I have a Durango, one pro for this was airbags in all corners, even the third row! I love her! She is a smooth ride -I've only done 10,000 in four months so no isuses so far!!!


----------



## Bigjimbo (Oct 28, 2010)

newguydubai said:


> Hi All,
> 
> I'm searching for used SUVs (not more than 2-3 years old) and would really appreciate some feedback. I need it primarily for within emirates drive, but occasional drives in the desert as well. Have a wife and 2 kids so safety/ comfort is also required.
> 
> ...


Might be worth considering a 4x4 that can actually go off road. None of the ones you have mentioned are very capable as they are road biased.


----------



## lxinuk (Mar 18, 2012)

I go into the desert with mine - she's fairly low at the front but she coped well with a full load! I wouldn't hammer her hard but she does the job!


----------



## Bigjimbo (Oct 28, 2010)

lxinuk said:


> I go into the desert with mine - she's fairly low at the front but she coped well with a full load!
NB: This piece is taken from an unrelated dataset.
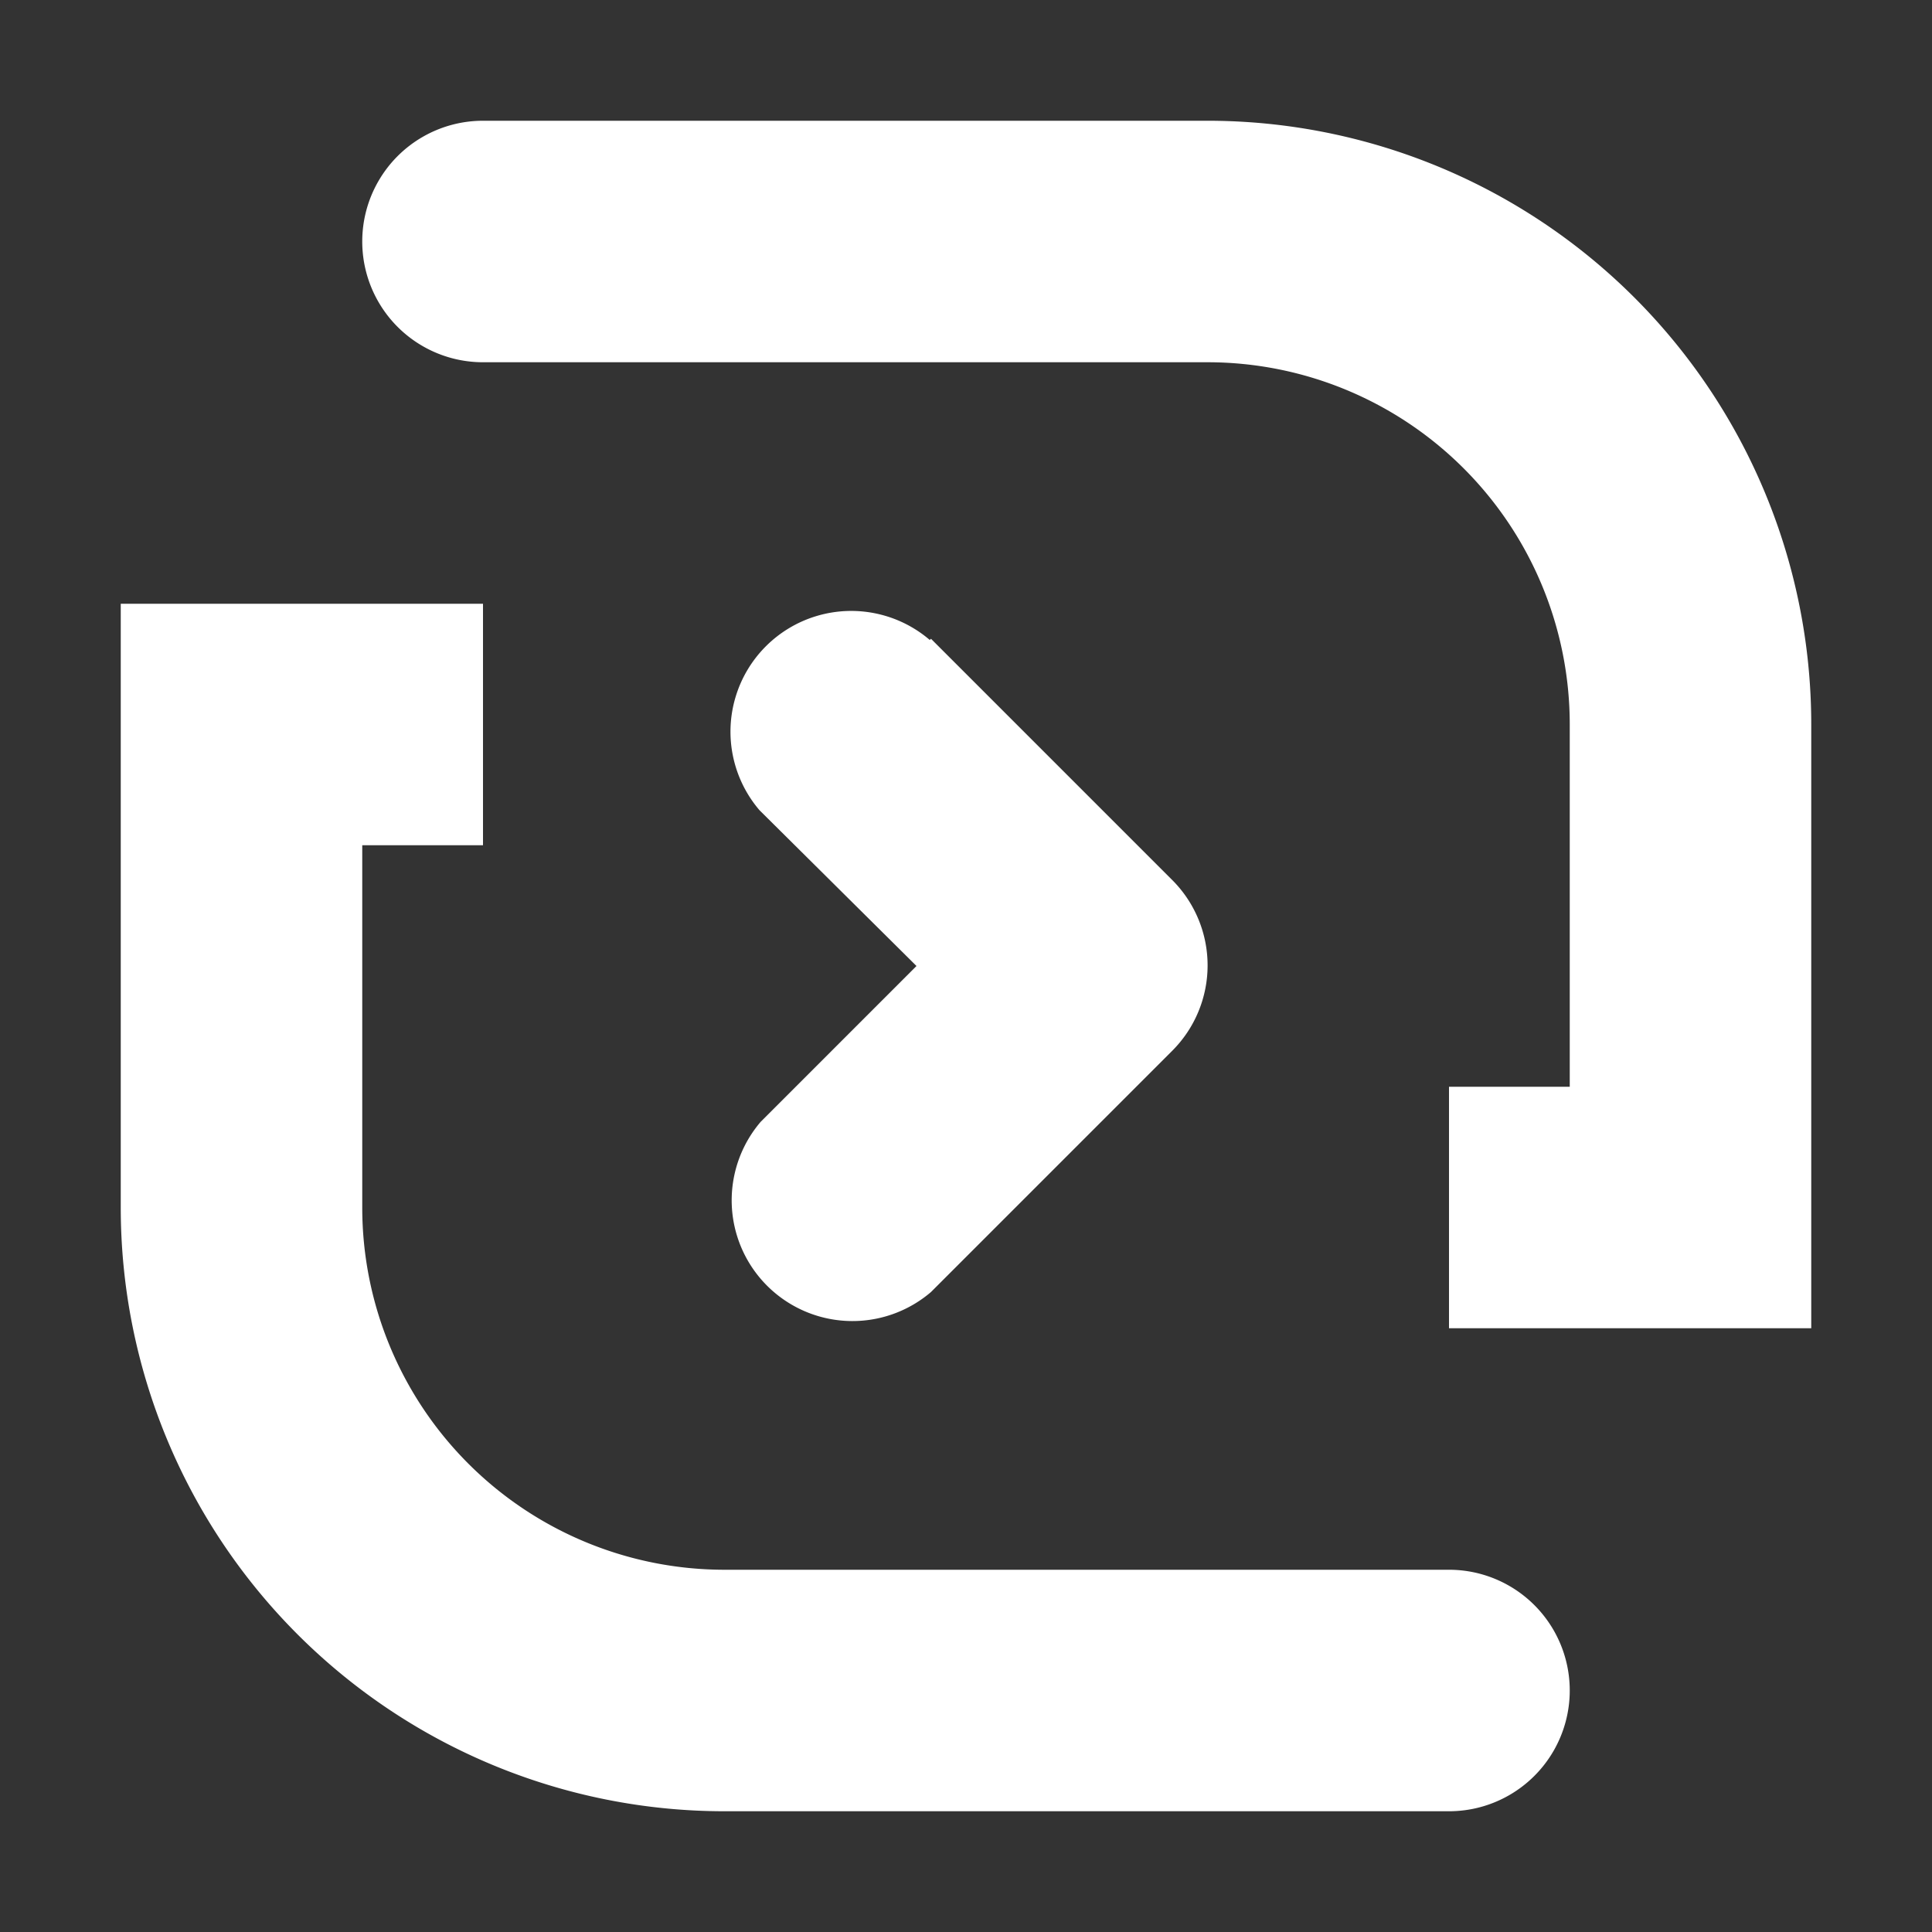 <svg width="80px" height="80px" viewBox="0 0 1.6 1.6" xmlns="http://www.w3.org/2000/svg"><rect x="0" y="0" width="1.6" height="1.6" fill="#333333" stroke="none"/><path fill="#ffff" fill-rule="evenodd" d="M0.4 0.5v0.2H0.3v0.3a0.3 0.3 0 0 0 0.3 0.3h0.6a0.1 0.1 0 1 1 0 0.2H0.6a0.5 0.5 0 0 1 -0.5 -0.5V0.5zm0.6 -0.4a0.5 0.5 0 0 1 0.5 0.5v0.5h-0.3V0.9h0.1V0.6a0.3 0.3 0 0 0 -0.3 -0.3H0.4a0.1 0.1 0 0 1 0 -0.2zM0.771 0.529l0.2 0.2a0.1 0.1 0 0 1 0 0.141l-0.2 0.2a0.1 0.1 0 0 1 -0.141 -0.141L0.759 0.8 0.629 0.671a0.1 0.1 0 0 1 0.141 -0.141"/></svg>

I wouldn't hammer her hard but she does the job!


It can certainly do a little bit, but you wouldn't try Big Red now would you!


----------



## newguydubai (Dec 10, 2012)

hmmm thanks everyone. 

as far as the offroading goes, I wont be going all out... just small dune bashing...

how about the maintenance and resale value of these cars? any ideas there...?


----------



## saraswat (Apr 28, 2012)

newguydubai said:


> resale value of these cars?


The best bet from a resale value point of view is Japanese, maybe even Korean (the newer models post 2008 ish)... unfortunately American and European cars don't seem to hold up their value out here..


----------



## rsinner (Feb 3, 2009)

saraswat said:


> unfortunately American and European cars don't seem to hold up their value out here..
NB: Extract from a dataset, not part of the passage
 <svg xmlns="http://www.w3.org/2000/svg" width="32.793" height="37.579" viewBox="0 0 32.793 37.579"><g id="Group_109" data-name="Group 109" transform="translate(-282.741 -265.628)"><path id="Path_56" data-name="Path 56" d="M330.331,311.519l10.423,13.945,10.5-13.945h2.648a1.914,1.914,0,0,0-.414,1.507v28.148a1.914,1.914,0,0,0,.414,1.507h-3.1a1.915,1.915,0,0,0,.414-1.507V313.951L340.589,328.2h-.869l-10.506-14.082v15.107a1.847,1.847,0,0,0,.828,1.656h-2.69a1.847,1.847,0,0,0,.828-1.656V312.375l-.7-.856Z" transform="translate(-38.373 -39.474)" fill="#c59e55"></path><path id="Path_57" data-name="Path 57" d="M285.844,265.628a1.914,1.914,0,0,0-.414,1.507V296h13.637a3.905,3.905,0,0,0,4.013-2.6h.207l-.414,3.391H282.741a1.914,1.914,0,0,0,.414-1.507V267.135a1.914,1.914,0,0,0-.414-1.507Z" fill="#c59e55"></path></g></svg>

Except when your are trying to buy an American or European car - then the asking prices dont make sense (if they are not supposed to hold value)


----------



## stuclark (Dec 23, 2012)

What about Toyota Landcruiser/Prado/Fortuner?


----------



## newguydubai (Dec 10, 2012)

wouldn't that be more expensive? i also read somewhere that getting a used landcruiser is pretty difficult since there area a lot of them previously used as desert safari cars...


----------



## saraswat (Apr 28, 2012)

rsinner said:


> Except when your are trying to buy an American or European car - then the asking prices dont make sense (if they are not supposed to hold value)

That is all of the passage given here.